Oscillating bubble tensiometry: A method for measuring the surfactant adsorptive-desorptive kinetics and the surface dilatational viscosity

Abstract

Mobilities of surfactant laden interfaces are determined by both surfactant-mass-transfer kinetics and surface viscosities. In this paper, a theoretical framework for measuring these parameters by analyzing forced radial oscillations of a spherical pendant bubble about an equilibrium, quiescent base state is developed. Because of the Gibbs-Marangoni elasticity caused by hindered surfactant mass transfer, and the surface viscosities, oscillations in the gas phase pressure and bubble radius are out of phase. Using a linear analysis of the governing fluid mechanical and mass-transfer equations, the phase lag (θ) and the amplitude ratio of these two quantities (Λ) are derived. Three cases are considered for the surfactant mass transfer: a mixed-controlled model in which diffusion and sorption kinetics play a role, along with the limiting cases of diffusion-control and sorption-control, respectively. Both θ and Λ depend upon the bulk diffusivity, the equilibrium physicochemical constants, and two unknowns: the sorption kinetic constant and the surface dilatational viscosity.
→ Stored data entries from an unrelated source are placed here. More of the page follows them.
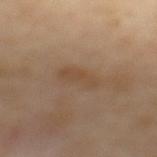image:
  source: total-body photography crop
  field_of_view_mm: 15
automated_metrics:
  vs_skin_darker_L: 6.0
  vs_skin_contrast_norm: 5.5
  color_variation_0_10: 2.0
  peripheral_color_asymmetry: 0.5
patient:
  sex: male
  age_approx: 65
lesion_size:
  long_diameter_mm_approx: 4.0
site: mid back
lighting: cross-polarized
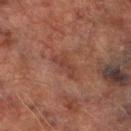The lesion was photographed on a routine skin check and not biopsied; there is no pathology result.
A male subject approximately 75 years of age.
Located on the right lower leg.
A close-up tile cropped from a whole-body skin photograph, about 15 mm across.
Imaged with cross-polarized lighting.
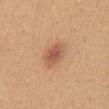- imaging modality — 15 mm crop, total-body photography
- lesion size — ~3 mm (longest diameter)
- location — the abdomen
- patient — female, roughly 25 years of age
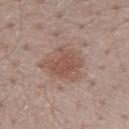The lesion was photographed on a routine skin check and not biopsied; there is no pathology result. From the mid back. A male patient, aged 53–57. A 15 mm close-up extracted from a 3D total-body photography capture. Captured under white-light illumination. The recorded lesion diameter is about 4.5 mm.
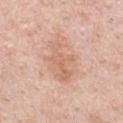No biopsy was performed on this lesion — it was imaged during a full skin examination and was not determined to be concerning. An algorithmic analysis of the crop reported a border-irregularity rating of about 5.5/10 and radial color variation of about 1. A male patient, in their 50s. From the chest. Imaged with white-light lighting. Cropped from a whole-body photographic skin survey; the tile spans about 15 mm.
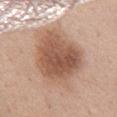{"biopsy_status": "not biopsied; imaged during a skin examination", "site": "chest", "lighting": "white-light", "lesion_size": {"long_diameter_mm_approx": 8.5}, "image": {"source": "total-body photography crop", "field_of_view_mm": 15}, "automated_metrics": {"border_irregularity_0_10": 2.5, "color_variation_0_10": 5.0, "peripheral_color_asymmetry": 1.5, "nevus_likeness_0_100": 95, "lesion_detection_confidence_0_100": 100}, "patient": {"sex": "female", "age_approx": 65}}

In this paper, by varying these unknowns, theoretical families of curves for both θ and Λ vs forcing frequency, ω′, are generated using values for the bulk diffusivity and the equilibrium physicochemical constants for decanol at aqueous-air interfaces from Lin et al. (Langmuir 7, 1055, 1991). These curves indicate the potential of the oscillating bubble as a measurement tool, i.e., that experiments in which θ and Λ are measured vs ω′ can be used to determine the adsorption-desorption kinetic constants and the surface dilatational viscosity and to differentiate them from each other. © 1994 by Academic Press, Inc.